- Cornelly Location within Bridgend
- Principal area: Bridgend;
- Country: Wales
- Sovereign state: United Kingdom
- Police: South Wales
- Fire: South Wales
- Ambulance: Welsh

= Cornelly =

Cornelly (Welsh: Corneli) is a community and electoral ward in Bridgend County Borough, South Wales. As of 2011 the population of the Cornelly ward was 7,059.

Cornelly was created following The Bridgend (Cynffig, Cornelly and Pyle Communities) (Electoral Changes) Order 2002 which divided Cynffig into Cornelly and Pyle (divided by the mainline railway). Councillors to the new Cornelly Community Council were elected at the May 2004 elections.

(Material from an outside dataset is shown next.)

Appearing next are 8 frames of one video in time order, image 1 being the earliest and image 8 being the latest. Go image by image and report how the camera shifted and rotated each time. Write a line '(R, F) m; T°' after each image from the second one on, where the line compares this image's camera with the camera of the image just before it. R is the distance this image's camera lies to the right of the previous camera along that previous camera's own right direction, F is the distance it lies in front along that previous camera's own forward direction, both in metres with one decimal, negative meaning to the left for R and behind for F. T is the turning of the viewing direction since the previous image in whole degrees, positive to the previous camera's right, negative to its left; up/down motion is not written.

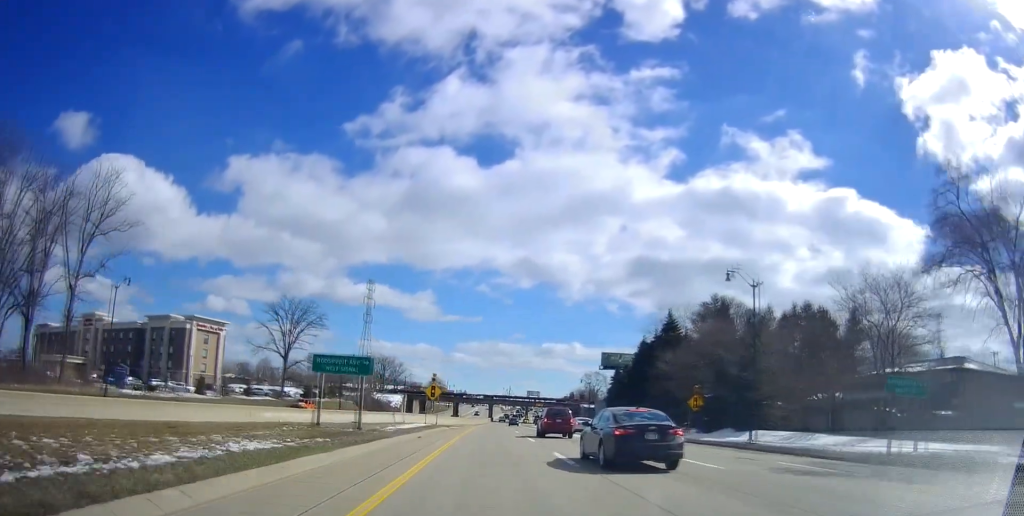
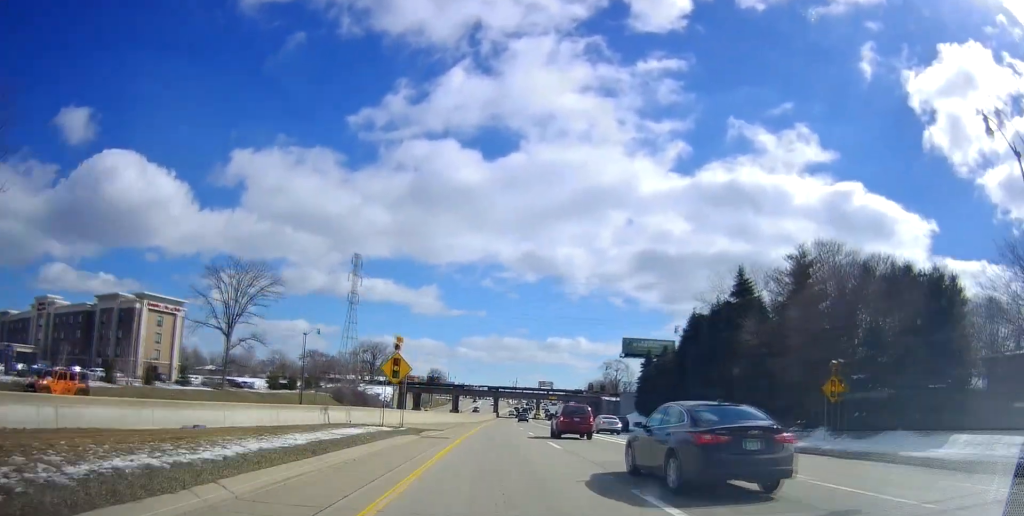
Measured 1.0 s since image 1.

Cornelly includes two villages, North Cornelly and South Cornelly, and it is bisected by the A48 and M4. Sand dunes in the area conceal the walled town of Kenfig, founded in the 1120s and overwhelmed in the late 14th century. Another notable local feature is Sker House, a historic building which overlooks the dunes. North Cornelly is part of the urban area of Pyle.

Cornelly is also an electoral ward, coterminous with the community. Prior to April 1996 it was a ward to Ogwr Borough Council and Mid Glamorgan County Council. Since 1995 has elected two county councillors to Bridgend County Borough Council. Initially represented by the Labour Party, it elected two Independent councillors from 2008.